*** Study material Section Begins ***
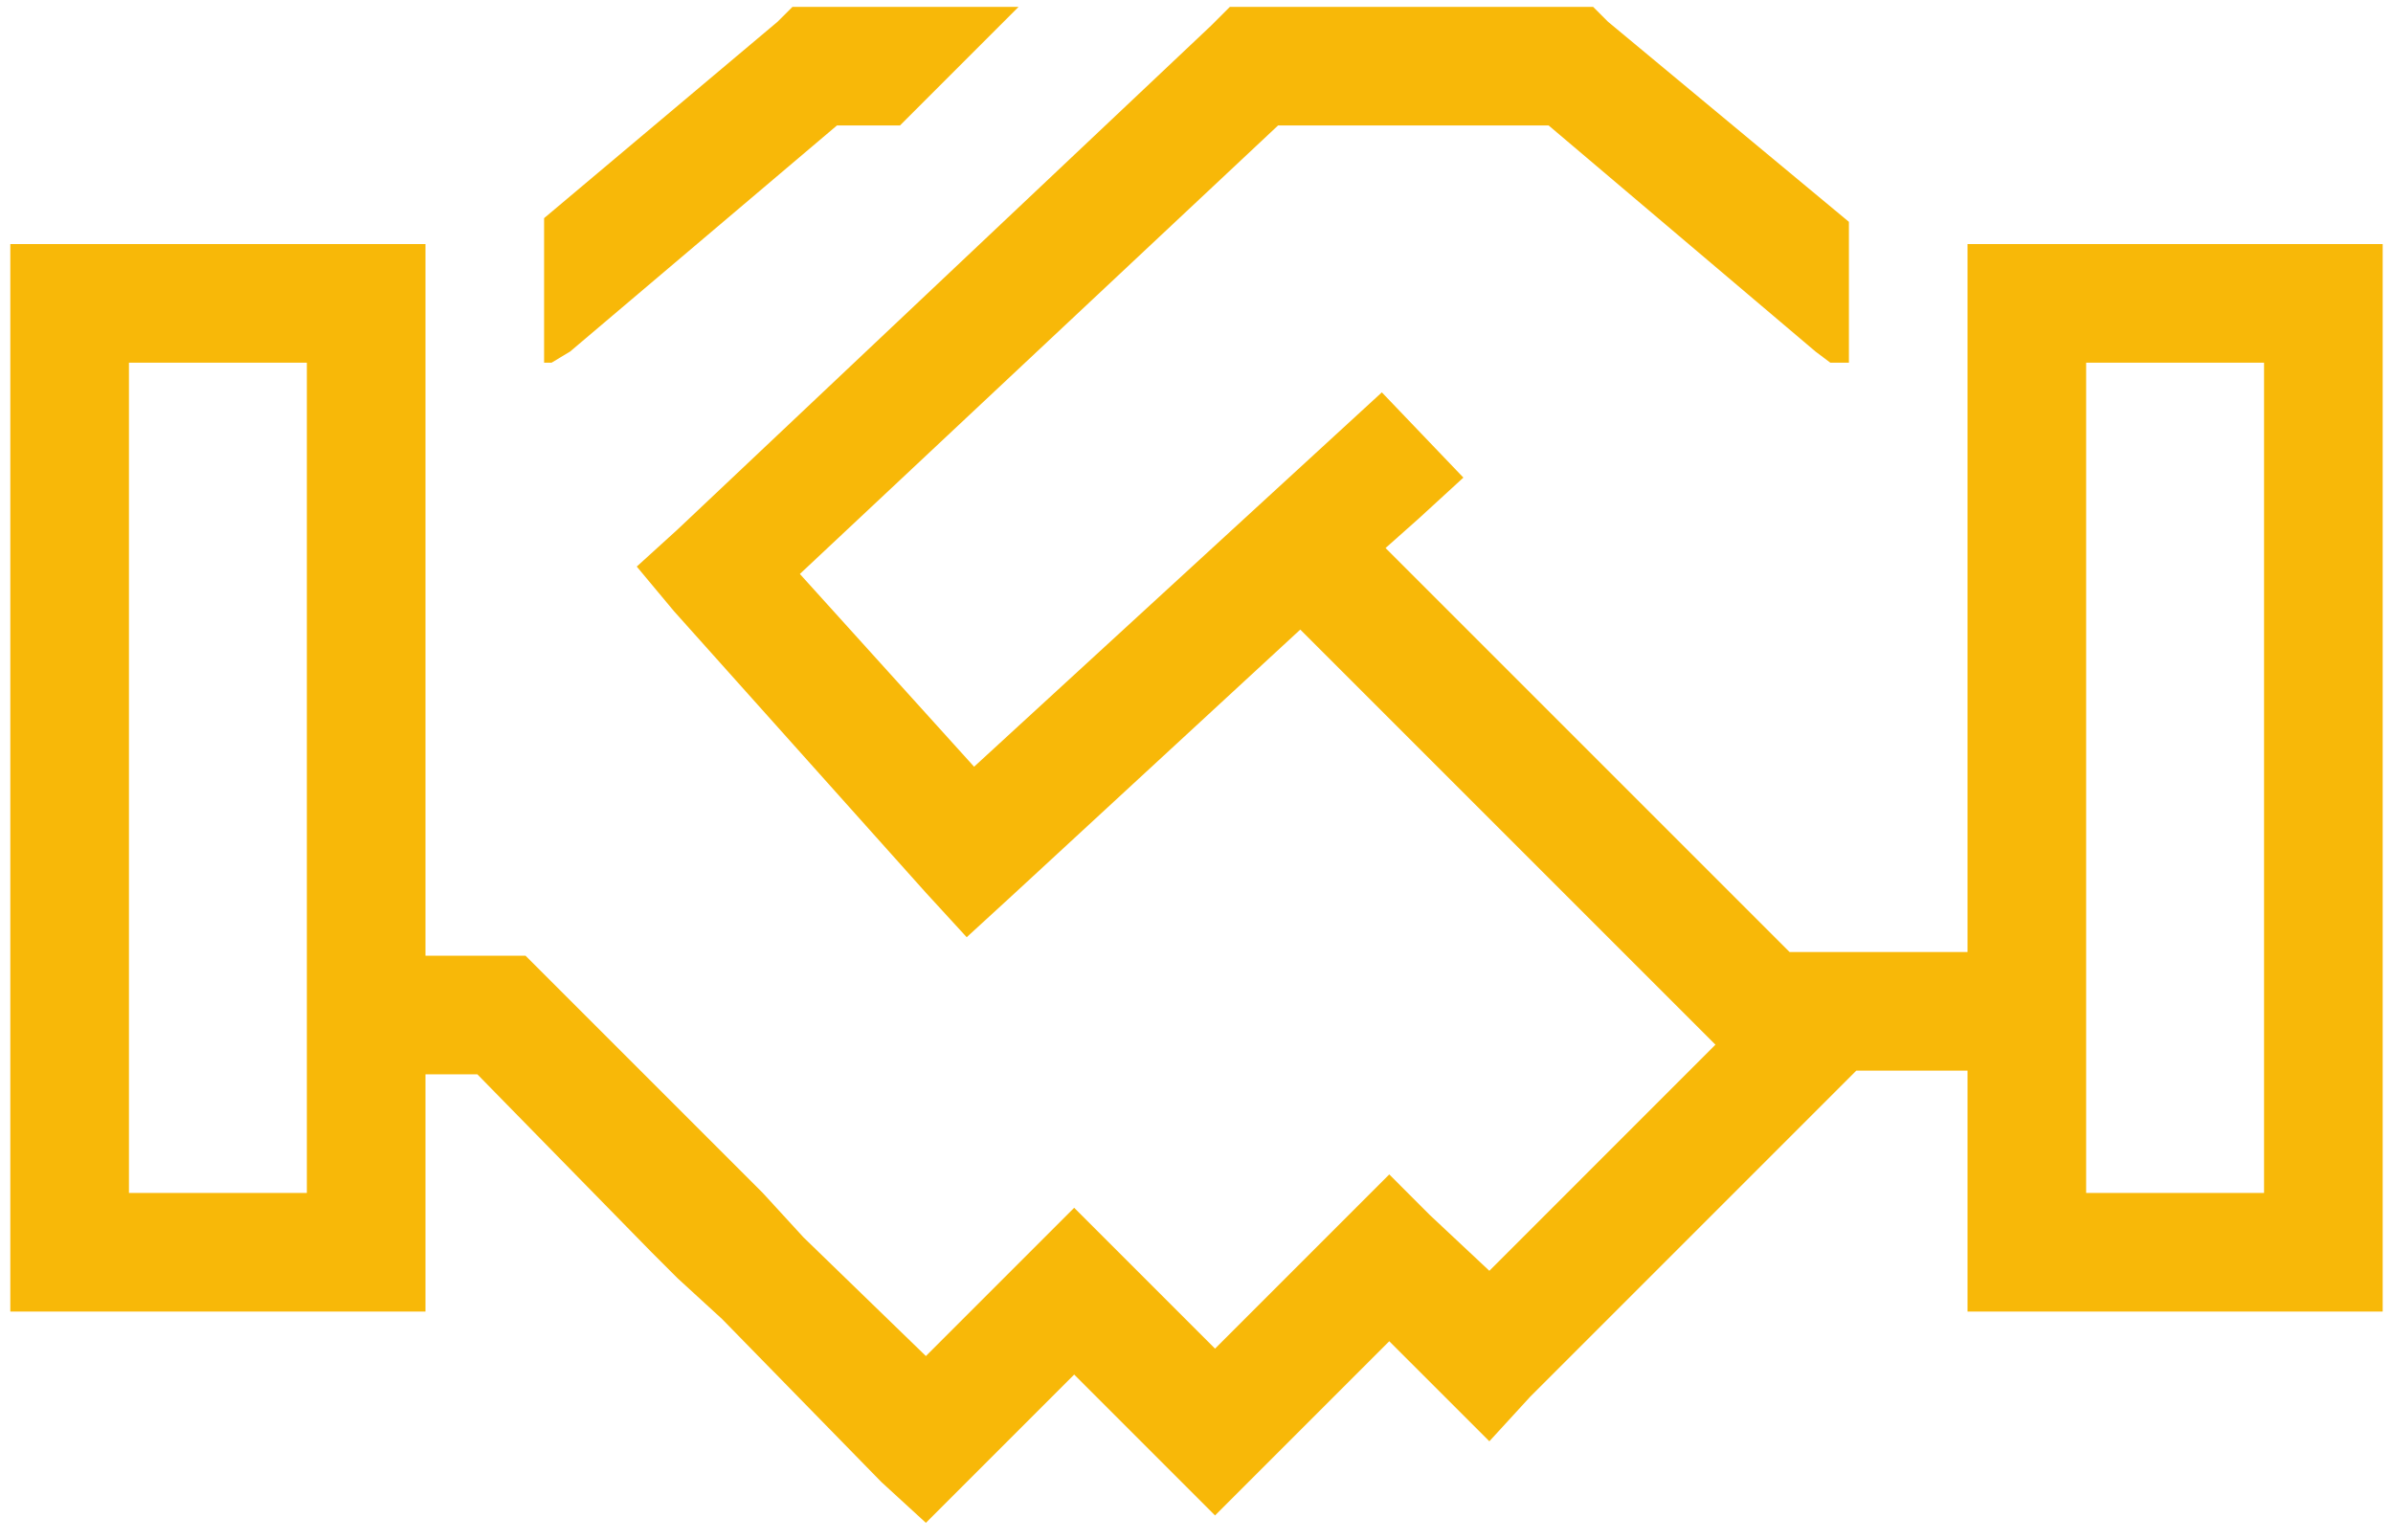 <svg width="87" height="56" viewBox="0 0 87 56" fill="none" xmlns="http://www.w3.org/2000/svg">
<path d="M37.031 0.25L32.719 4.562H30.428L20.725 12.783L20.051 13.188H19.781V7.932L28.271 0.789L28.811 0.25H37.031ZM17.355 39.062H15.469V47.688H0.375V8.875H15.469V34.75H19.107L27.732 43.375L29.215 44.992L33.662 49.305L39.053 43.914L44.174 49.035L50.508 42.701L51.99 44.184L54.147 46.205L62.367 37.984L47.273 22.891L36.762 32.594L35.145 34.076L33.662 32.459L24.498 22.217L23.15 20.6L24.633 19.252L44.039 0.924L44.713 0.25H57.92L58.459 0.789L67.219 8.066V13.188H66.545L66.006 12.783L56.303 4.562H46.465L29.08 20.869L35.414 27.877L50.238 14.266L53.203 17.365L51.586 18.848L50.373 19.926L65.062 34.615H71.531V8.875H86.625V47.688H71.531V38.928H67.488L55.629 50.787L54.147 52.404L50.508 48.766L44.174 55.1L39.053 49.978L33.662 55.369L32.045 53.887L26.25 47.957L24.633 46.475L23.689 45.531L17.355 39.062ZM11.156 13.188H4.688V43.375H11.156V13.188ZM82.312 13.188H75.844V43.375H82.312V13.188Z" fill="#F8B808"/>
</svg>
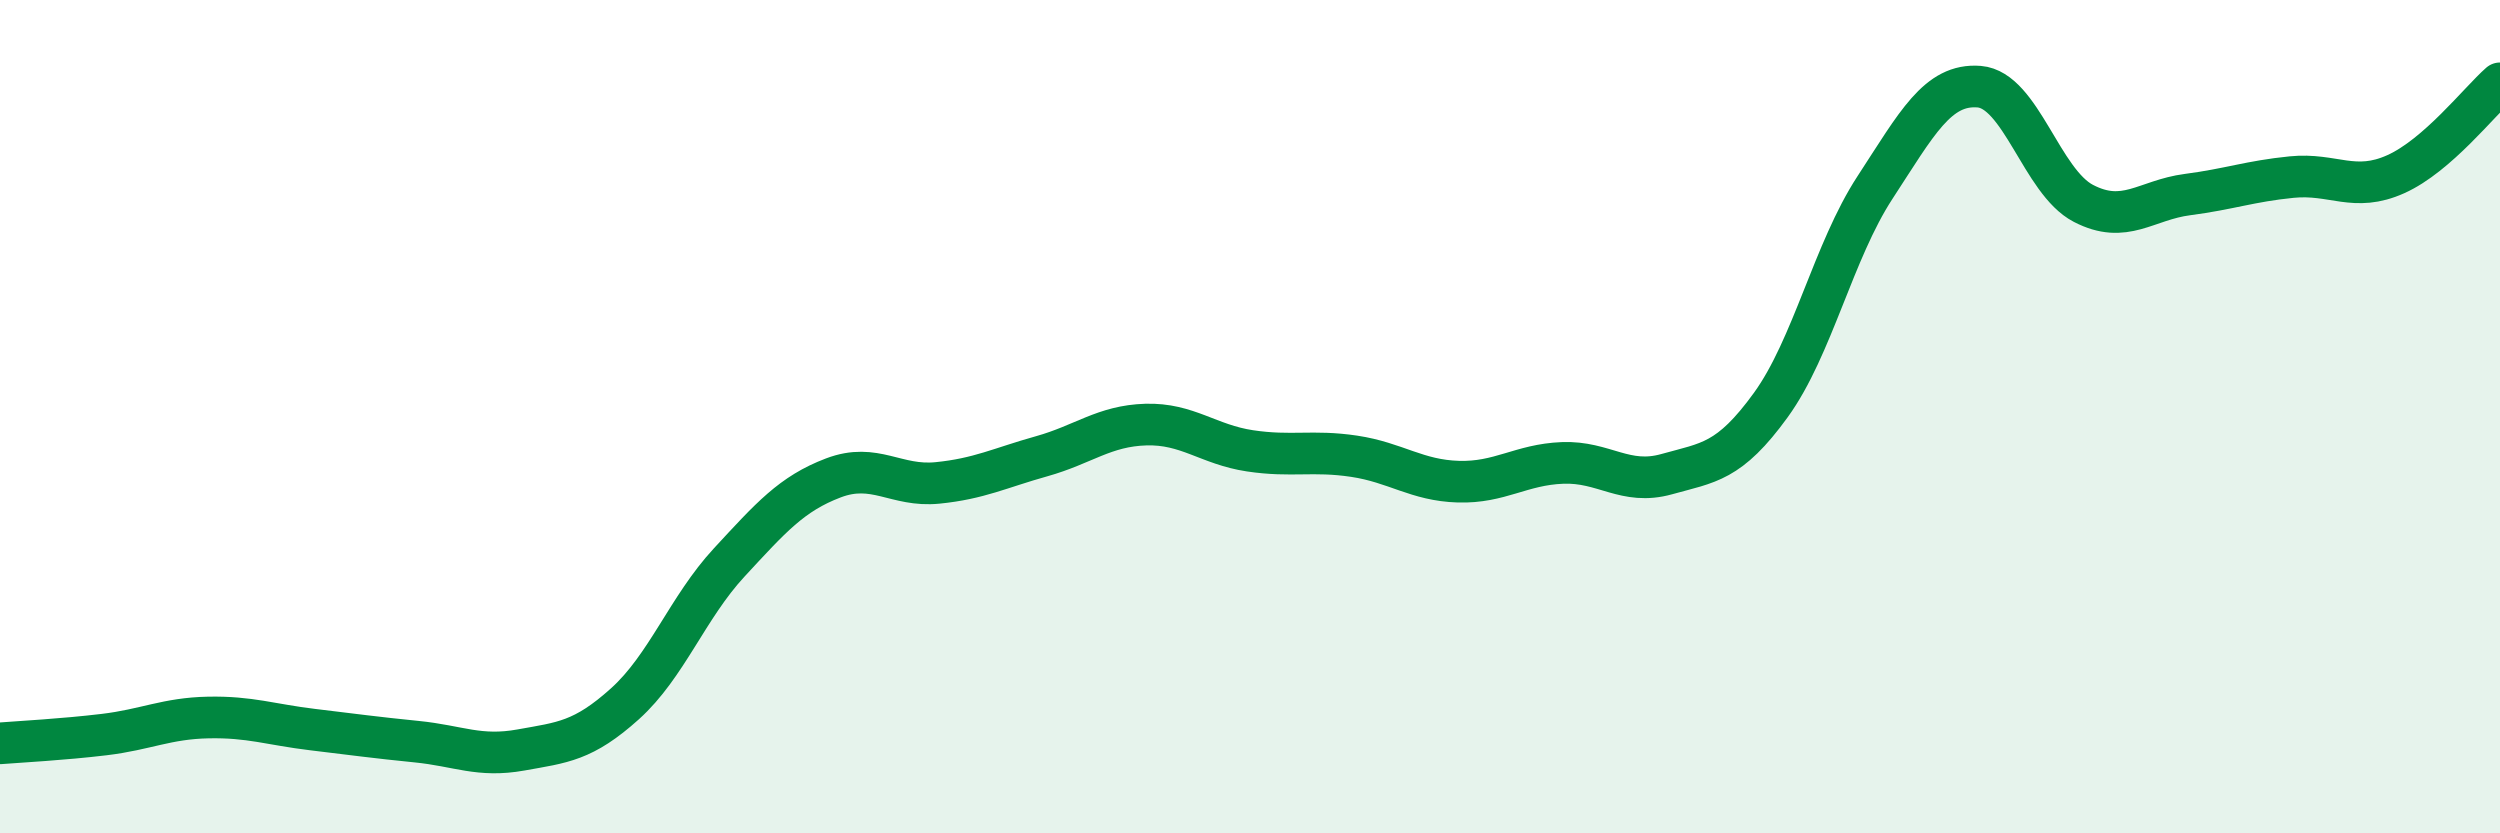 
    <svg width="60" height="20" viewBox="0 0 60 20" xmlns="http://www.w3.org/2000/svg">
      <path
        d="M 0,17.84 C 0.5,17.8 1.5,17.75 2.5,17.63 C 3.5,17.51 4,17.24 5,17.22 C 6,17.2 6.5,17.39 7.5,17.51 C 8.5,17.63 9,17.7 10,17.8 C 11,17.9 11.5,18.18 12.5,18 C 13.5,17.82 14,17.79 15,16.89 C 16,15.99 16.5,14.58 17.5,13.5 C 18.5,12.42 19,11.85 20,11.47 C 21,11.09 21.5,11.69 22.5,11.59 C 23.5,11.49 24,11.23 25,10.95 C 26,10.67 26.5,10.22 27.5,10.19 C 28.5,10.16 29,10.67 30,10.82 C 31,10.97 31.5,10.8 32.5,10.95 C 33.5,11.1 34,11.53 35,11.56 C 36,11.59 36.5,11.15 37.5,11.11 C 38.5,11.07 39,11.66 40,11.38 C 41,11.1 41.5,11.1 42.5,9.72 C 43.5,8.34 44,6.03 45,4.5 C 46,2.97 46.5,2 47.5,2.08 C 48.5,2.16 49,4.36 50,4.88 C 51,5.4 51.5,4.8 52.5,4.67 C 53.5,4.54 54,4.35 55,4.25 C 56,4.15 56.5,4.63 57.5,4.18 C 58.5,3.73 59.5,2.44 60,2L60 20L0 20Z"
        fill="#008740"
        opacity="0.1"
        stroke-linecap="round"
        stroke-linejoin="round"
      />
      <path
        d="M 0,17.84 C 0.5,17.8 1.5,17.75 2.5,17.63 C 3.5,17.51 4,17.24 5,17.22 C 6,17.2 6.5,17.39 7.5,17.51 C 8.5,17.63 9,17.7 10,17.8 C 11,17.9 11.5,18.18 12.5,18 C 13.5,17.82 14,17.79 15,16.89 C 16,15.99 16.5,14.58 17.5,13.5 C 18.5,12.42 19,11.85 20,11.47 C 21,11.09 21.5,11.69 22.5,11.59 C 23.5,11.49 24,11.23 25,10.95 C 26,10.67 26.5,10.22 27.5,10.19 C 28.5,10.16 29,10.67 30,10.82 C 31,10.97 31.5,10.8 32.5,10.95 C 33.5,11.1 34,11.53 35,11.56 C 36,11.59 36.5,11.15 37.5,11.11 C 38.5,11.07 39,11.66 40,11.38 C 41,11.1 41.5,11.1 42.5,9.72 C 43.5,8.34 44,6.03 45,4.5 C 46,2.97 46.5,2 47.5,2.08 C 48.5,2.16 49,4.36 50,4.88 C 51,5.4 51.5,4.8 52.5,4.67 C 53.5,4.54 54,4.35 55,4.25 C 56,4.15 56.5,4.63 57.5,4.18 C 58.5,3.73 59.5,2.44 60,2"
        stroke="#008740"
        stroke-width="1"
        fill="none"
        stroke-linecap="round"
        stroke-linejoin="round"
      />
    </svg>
*** Study material Section Ends ***
In your answer, set down the full listing word for word and include no pictures.

 <svg width="87" height="56" viewBox="0 0 87 56" fill="none" xmlns="http://www.w3.org/2000/svg">
<path d="M37.031 0.25L32.719 4.562H30.428L20.725 12.783L20.051 13.188H19.781V7.932L28.271 0.789L28.811 0.25H37.031ZM17.355 39.062H15.469V47.688H0.375V8.875H15.469V34.75H19.107L27.732 43.375L29.215 44.992L33.662 49.305L39.053 43.914L44.174 49.035L50.508 42.701L51.99 44.184L54.147 46.205L62.367 37.984L47.273 22.891L36.762 32.594L35.145 34.076L33.662 32.459L24.498 22.217L23.15 20.6L24.633 19.252L44.039 0.924L44.713 0.25H57.92L58.459 0.789L67.219 8.066V13.188H66.545L66.006 12.783L56.303 4.562H46.465L29.08 20.869L35.414 27.877L50.238 14.266L53.203 17.365L51.586 18.848L50.373 19.926L65.062 34.615H71.531V8.875H86.625V47.688H71.531V38.928H67.488L55.629 50.787L54.147 52.404L50.508 48.766L44.174 55.1L39.053 49.978L33.662 55.369L32.045 53.887L26.25 47.957L24.633 46.475L23.689 45.531L17.355 39.062ZM11.156 13.188H4.688V43.375H11.156V13.188ZM82.312 13.188H75.844V43.375H82.312V13.188Z" fill="#F8B808"/>
</svg>
    <svg width="60" height="20" viewBox="0 0 60 20" xmlns="http://www.w3.org/2000/svg">
      <path
        d="M 0,17.84 C 0.5,17.8 1.5,17.75 2.5,17.63 C 3.5,17.51 4,17.24 5,17.22 C 6,17.2 6.5,17.39 7.5,17.51 C 8.5,17.63 9,17.7 10,17.8 C 11,17.9 11.5,18.18 12.5,18 C 13.5,17.82 14,17.79 15,16.89 C 16,15.99 16.5,14.58 17.5,13.5 C 18.5,12.42 19,11.85 20,11.47 C 21,11.09 21.5,11.69 22.5,11.59 C 23.5,11.49 24,11.23 25,10.95 C 26,10.67 26.5,10.22 27.5,10.19 C 28.5,10.16 29,10.67 30,10.82 C 31,10.97 31.5,10.8 32.5,10.95 C 33.5,11.1 34,11.53 35,11.56 C 36,11.59 36.5,11.15 37.5,11.11 C 38.5,11.07 39,11.66 40,11.38 C 41,11.1 41.5,11.1 42.5,9.72 C 43.5,8.34 44,6.03 45,4.5 C 46,2.97 46.5,2 47.5,2.08 C 48.5,2.16 49,4.36 50,4.88 C 51,5.4 51.5,4.8 52.5,4.67 C 53.5,4.54 54,4.35 55,4.25 C 56,4.15 56.5,4.63 57.5,4.18 C 58.5,3.73 59.5,2.44 60,2L60 20L0 20Z"
        fill="#008740"
        opacity="0.1"
        stroke-linecap="round"
        stroke-linejoin="round"
      />
      <path
        d="M 0,17.84 C 0.5,17.8 1.5,17.75 2.5,17.63 C 3.5,17.51 4,17.24 5,17.22 C 6,17.2 6.5,17.39 7.5,17.51 C 8.5,17.63 9,17.7 10,17.8 C 11,17.9 11.5,18.18 12.5,18 C 13.5,17.82 14,17.79 15,16.89 C 16,15.99 16.5,14.58 17.5,13.5 C 18.5,12.42 19,11.85 20,11.47 C 21,11.09 21.5,11.69 22.5,11.59 C 23.5,11.49 24,11.23 25,10.95 C 26,10.67 26.5,10.22 27.5,10.19 C 28.5,10.16 29,10.67 30,10.82 C 31,10.97 31.5,10.8 32.5,10.95 C 33.5,11.1 34,11.53 35,11.56 C 36,11.59 36.5,11.15 37.5,11.11 C 38.5,11.07 39,11.66 40,11.38 C 41,11.1 41.5,11.1 42.5,9.72 C 43.5,8.34 44,6.03 45,4.5 C 46,2.97 46.5,2 47.5,2.08 C 48.5,2.16 49,4.36 50,4.88 C 51,5.4 51.5,4.8 52.5,4.67 C 53.5,4.54 54,4.35 55,4.25 C 56,4.15 56.5,4.63 57.5,4.18 C 58.5,3.73 59.5,2.44 60,2"
        stroke="#008740"
        stroke-width="1"
        fill="none"
        stroke-linecap="round"
        stroke-linejoin="round"
      />
    </svg>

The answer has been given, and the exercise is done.